Global energy and electricity provider Iberdrola announced plans today for a major electrification-focused investment program, pledging to allocate €41 billion in its network and renewable energy from 2024 through 2026, and to hire 10,000 people.

The investment plans were announced as part of a strategic update by Iberdrola Executive Chairman Ignacio Galán at the company’s Capital Markets Day on Thursday, noting that the “electrification of energy is unstoppable and will expand exponentially in the years ahead, supporting decarbonisation, boosting energy security, and reducing the volatility caused by fossil fuels.”

The strategic plan includes a significant focus on network-based growth, which represents 60% of the planned investments, of which approximately two-thirds will target distribution, and one-third to transmission.
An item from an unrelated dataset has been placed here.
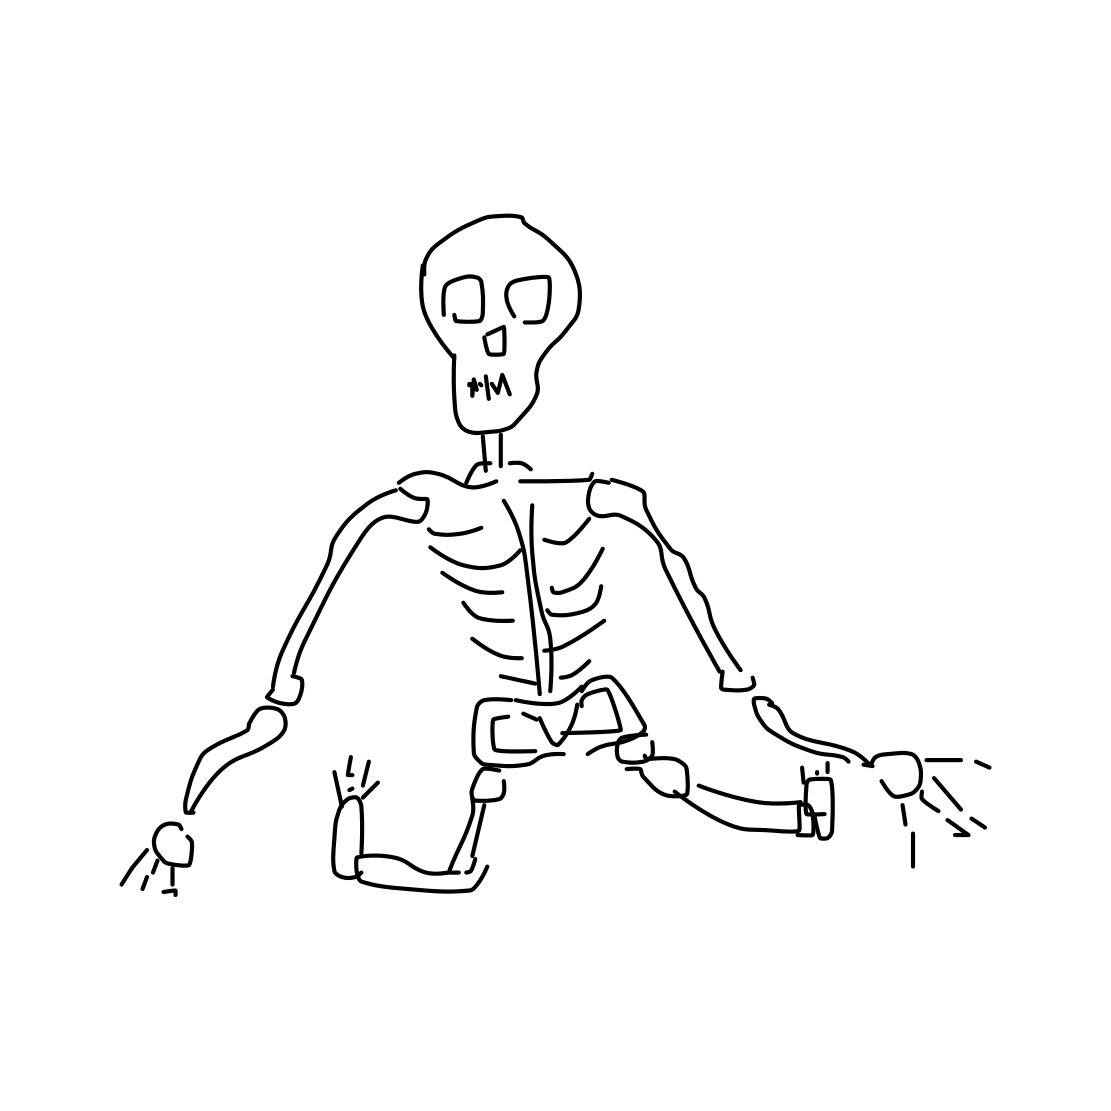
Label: human-skeleton

Iberdrola estimated that the investments will result in an increase in its network asset base of 38% in 2026, and improve its geographical diversification, with more than 40% of the investment anticipated to be allocated to the U.S.

The company’s network expansion plan comes as investment in grids is seen as a key component to enabling the achievement of global climate goals. According to a recent report by the International Energy Agency (IEA), 80 million kilometers of power lines will need to be added or replaced globally by 2040, roughly equal to the entire global grid today, with investment doubling to over $600 billion per year by 2030, in order to remain on track to achieve the Paris Agreement goal to limit temperature rise to 1.5 °C, and to keep up with the increasing deployment of new renewable energy capacity.
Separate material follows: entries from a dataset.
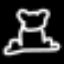
Label: frog
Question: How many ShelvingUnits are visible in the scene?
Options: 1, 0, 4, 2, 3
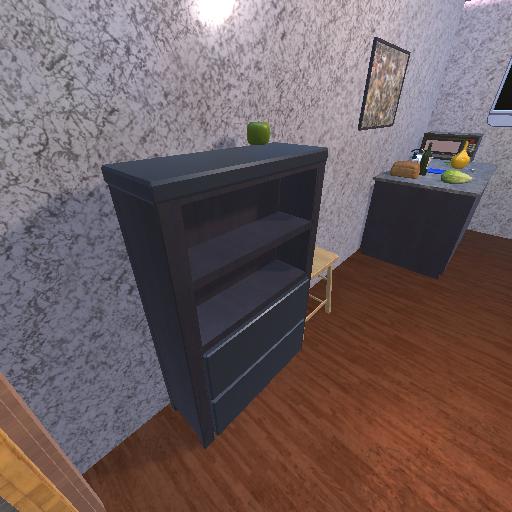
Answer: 1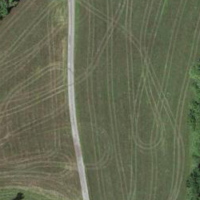
EUNIS habitat code: 52
Species observed at this site:
Ajuga pyramidalis
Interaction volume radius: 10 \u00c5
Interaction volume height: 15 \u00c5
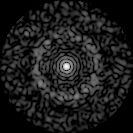
Disorder parameter: 0.8367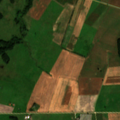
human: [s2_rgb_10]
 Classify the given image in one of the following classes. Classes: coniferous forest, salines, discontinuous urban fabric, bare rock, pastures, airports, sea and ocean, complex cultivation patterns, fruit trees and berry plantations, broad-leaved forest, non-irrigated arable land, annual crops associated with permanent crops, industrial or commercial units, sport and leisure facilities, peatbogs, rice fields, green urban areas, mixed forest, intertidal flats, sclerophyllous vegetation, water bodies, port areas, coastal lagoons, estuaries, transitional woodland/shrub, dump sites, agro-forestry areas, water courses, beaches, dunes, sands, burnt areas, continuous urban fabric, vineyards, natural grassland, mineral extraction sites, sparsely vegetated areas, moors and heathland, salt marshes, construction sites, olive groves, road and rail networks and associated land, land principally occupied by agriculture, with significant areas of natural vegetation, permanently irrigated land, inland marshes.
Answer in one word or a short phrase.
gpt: non-irrigated arable land, coniferous forest, transitional woodland/shrub

The plan also anticipates investments of more than €15 billion in renewable energy, with more than half allocated to offshore wind projects in the US, UK, France and Germany.

The investments also include €2.8 billion for the previously announced acquisition by Iberdrola of the 18.4% of its US subsidiary Avangrid that it does not already own, with €5 billion of the renewables spend to be contributed by partners in projects already identified. Net of these factors, anticipated investment by region from 2024-2026 include 35% to the U.S., 24% UK, 15% Iberia, and 15% to Latin America, with the remainder in Germany, France, Australia and other areas.

Galan added:

“Our strategic pillars focus on networks, geographical diversification, and a balanced energy and customers mix. This plan will allow us to grow our asset base, grow our profitability and strengthen our finances, as well as increasing dividends and driving jobs and skills and economic growth.”